(Items listed in a dataset)
──────

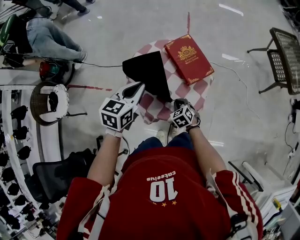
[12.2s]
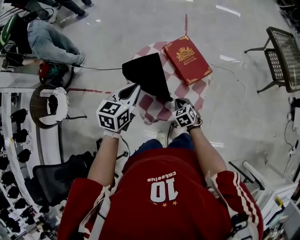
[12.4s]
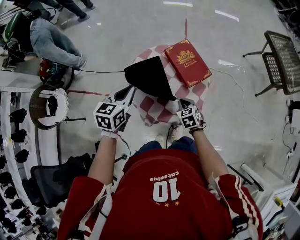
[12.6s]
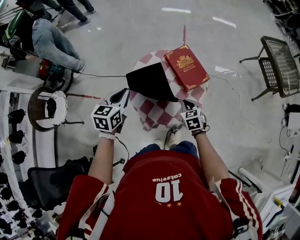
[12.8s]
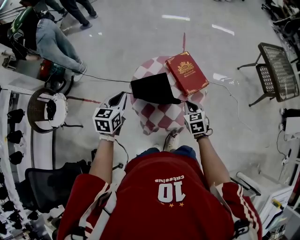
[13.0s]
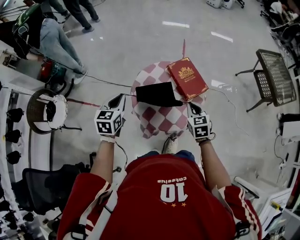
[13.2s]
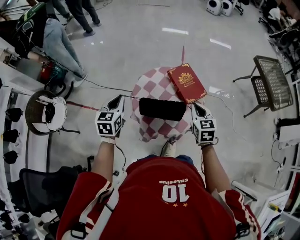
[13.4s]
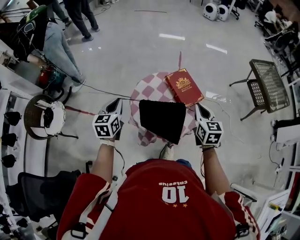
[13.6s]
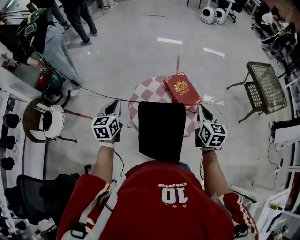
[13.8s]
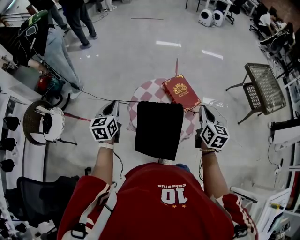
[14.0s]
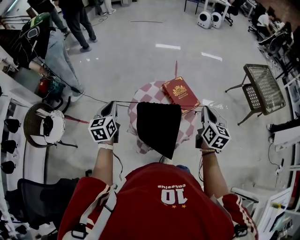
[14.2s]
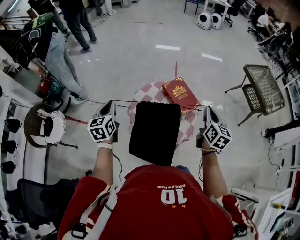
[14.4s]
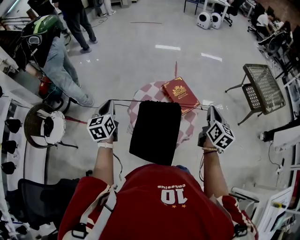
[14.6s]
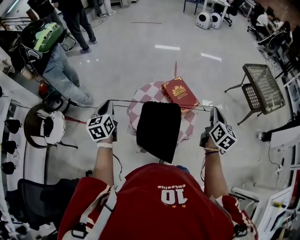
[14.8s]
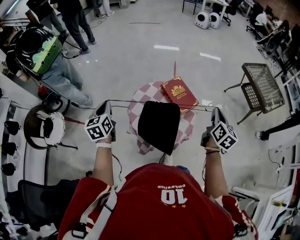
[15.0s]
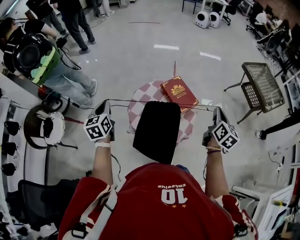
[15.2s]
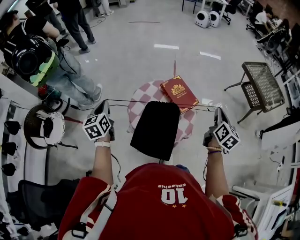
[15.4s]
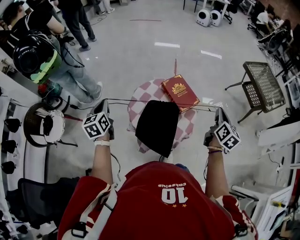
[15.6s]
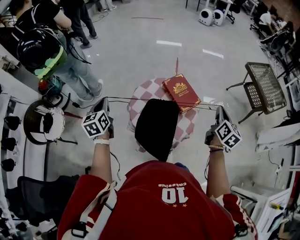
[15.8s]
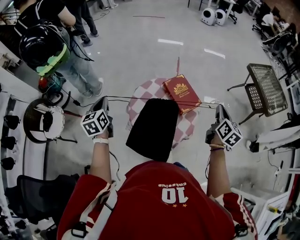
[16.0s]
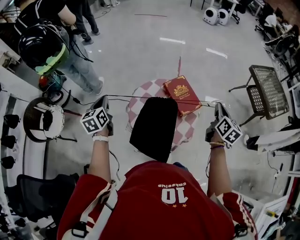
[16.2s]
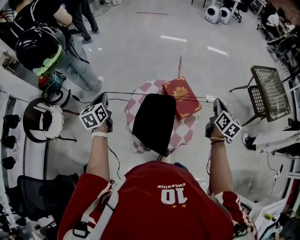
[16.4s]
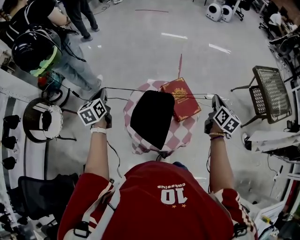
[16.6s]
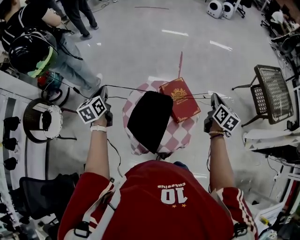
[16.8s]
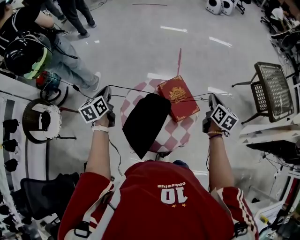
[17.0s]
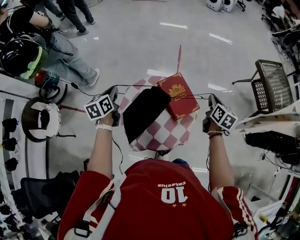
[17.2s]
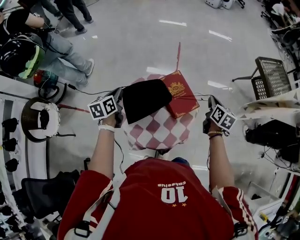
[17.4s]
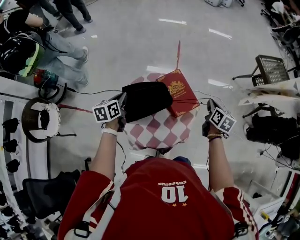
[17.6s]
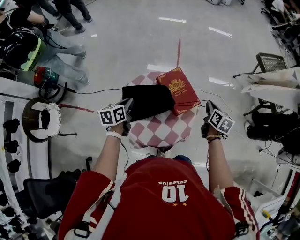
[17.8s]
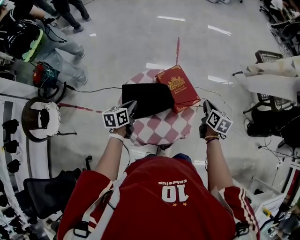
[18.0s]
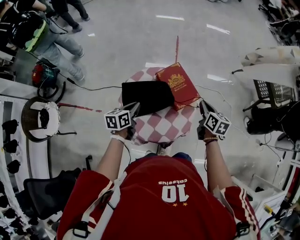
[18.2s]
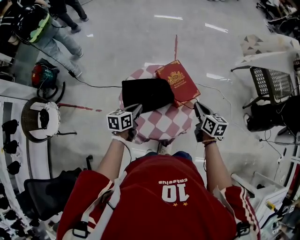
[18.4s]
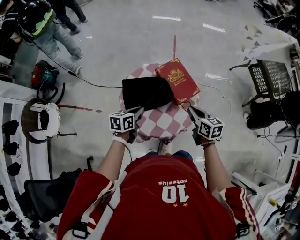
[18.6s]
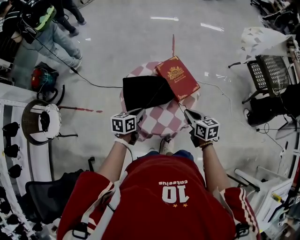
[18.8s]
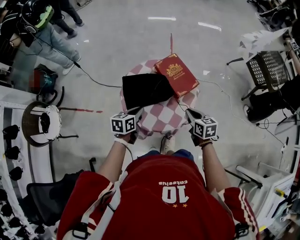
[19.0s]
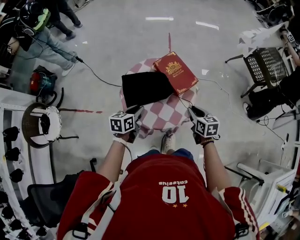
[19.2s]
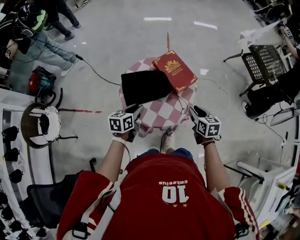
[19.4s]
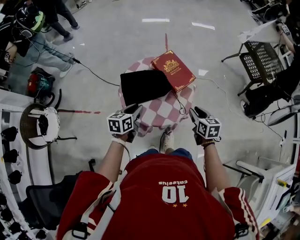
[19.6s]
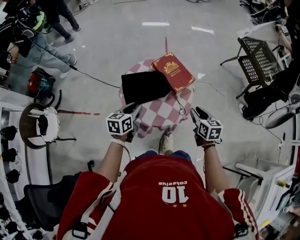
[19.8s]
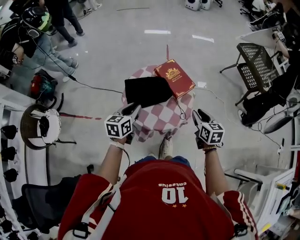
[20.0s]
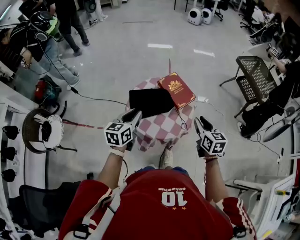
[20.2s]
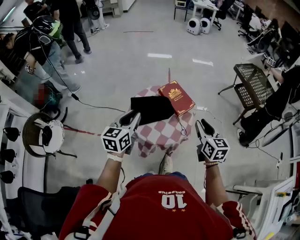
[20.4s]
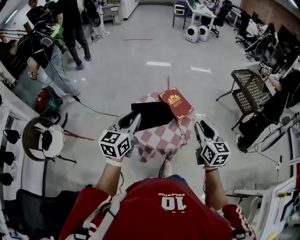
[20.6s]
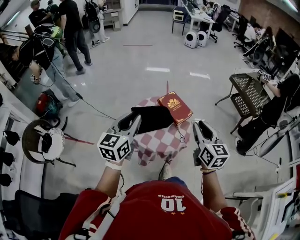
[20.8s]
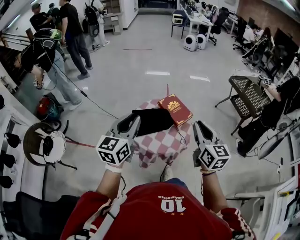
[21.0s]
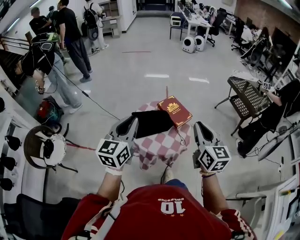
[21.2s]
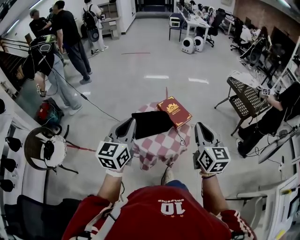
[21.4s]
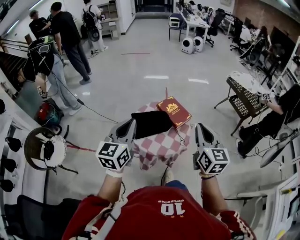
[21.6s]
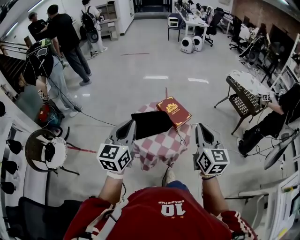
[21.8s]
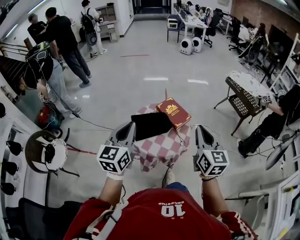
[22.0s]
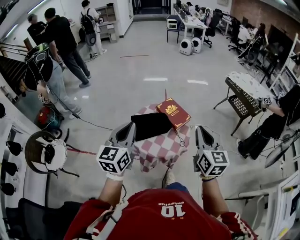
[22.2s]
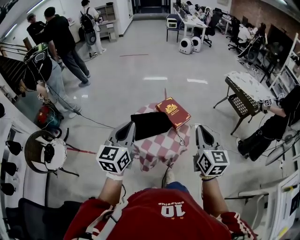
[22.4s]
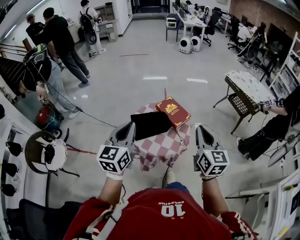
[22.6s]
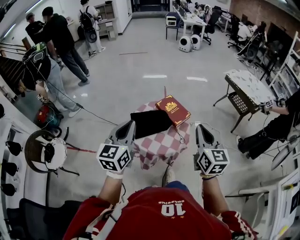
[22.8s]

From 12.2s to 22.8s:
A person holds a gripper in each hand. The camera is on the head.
From 12.2s to 13.8s: The left gripper is displaced to the left by about 15 cm, and rotates roughly 20 degrees. The right gripper moves upward, approximately 35 cm, and tips its fingers upward by about 40 degrees.
From 13.8s to 15.2s: The left gripper shifts by roughly 5 cm; the right gripper travels to the right by some 10 cm, and swivels roughly 30 degrees.
From 15.2s to 16.8s: The two grippers go about 20 cm forward.
From 16.8s to 18.2s: The left gripper moves to the right and downward, approximately 25 cm, and turns by approximately 30 degrees, while the right gripper shifts roughly 15 cm downward and backward.
From 18.2s to 19.8s: The right gripper travels backward by roughly 20 cm, and opens up. The left gripper goes approximately 10 cm backward, and opens up.
From 19.8s to 21.2s: Both grippers travel together upward, about 30 cm. The right gripper points its fingers some 30 degrees further upward; the left gripper rotates some 40 degrees.
From 21.2s to 22.8s: The grippers make only small movements.

──────

Task prompt:
Repeat every record precisely. Any picture among them stays out of the copy.

Your solution:
[12.2s]
[12.4s]
[12.6s]
[12.8s]
[13.0s]
[13.2s]
[13.4s]
[13.6s]
[13.8s]
[14.0s]
[14.2s]
[14.4s]
[14.6s]
[14.8s]
[15.0s]
[15.2s]
[15.4s]
[15.6s]
[15.8s]
[16.0s]
[16.2s]
[16.4s]
[16.6s]
[16.8s]
[17.0s]
[17.2s]
[17.4s]
[17.6s]
[17.8s]
[18.0s]
[18.2s]
[18.4s]
[18.6s]
[18.8s]
[19.0s]
[19.2s]
[19.4s]
[19.6s]
[19.8s]
[20.0s]
[20.2s]
[20.4s]
[20.6s]
[20.8s]
[21.0s]
[21.2s]
[21.4s]
[21.6s]
[21.8s]
[22.0s]
[22.2s]
[22.4s]
[22.6s]
[22.8s]

From 12.2s to 22.8s:
A person holds a gripper in each hand. The camera is on the head.
From 12.2s to 13.8s: The left gripper is displaced to the left by about 15 cm, and rotates roughly 20 degrees. The right gripper moves upward, approximately 35 cm, and tips its fingers upward by about 40 degrees.
From 13.8s to 15.2s: The left gripper shifts by roughly 5 cm; the right gripper travels to the right by some 10 cm, and swivels roughly 30 degrees.
From 15.2s to 16.8s: The two grippers go about 20 cm forward.
From 16.8s to 18.2s: The left gripper moves to the right and downward, approximately 25 cm, and turns by approximately 30 degrees, while the right gripper shifts roughly 15 cm downward and backward.
From 18.2s to 19.8s: The right gripper travels backward by roughly 20 cm, and opens up. The left gripper goes approximately 10 cm backward, and opens up.
From 19.8s to 21.2s: Both grippers travel together upward, about 30 cm. The right gripper points its fingers some 30 degrees further upward; the left gripper rotates some 40 degrees.
From 21.2s to 22.8s: The grippers make only small movements.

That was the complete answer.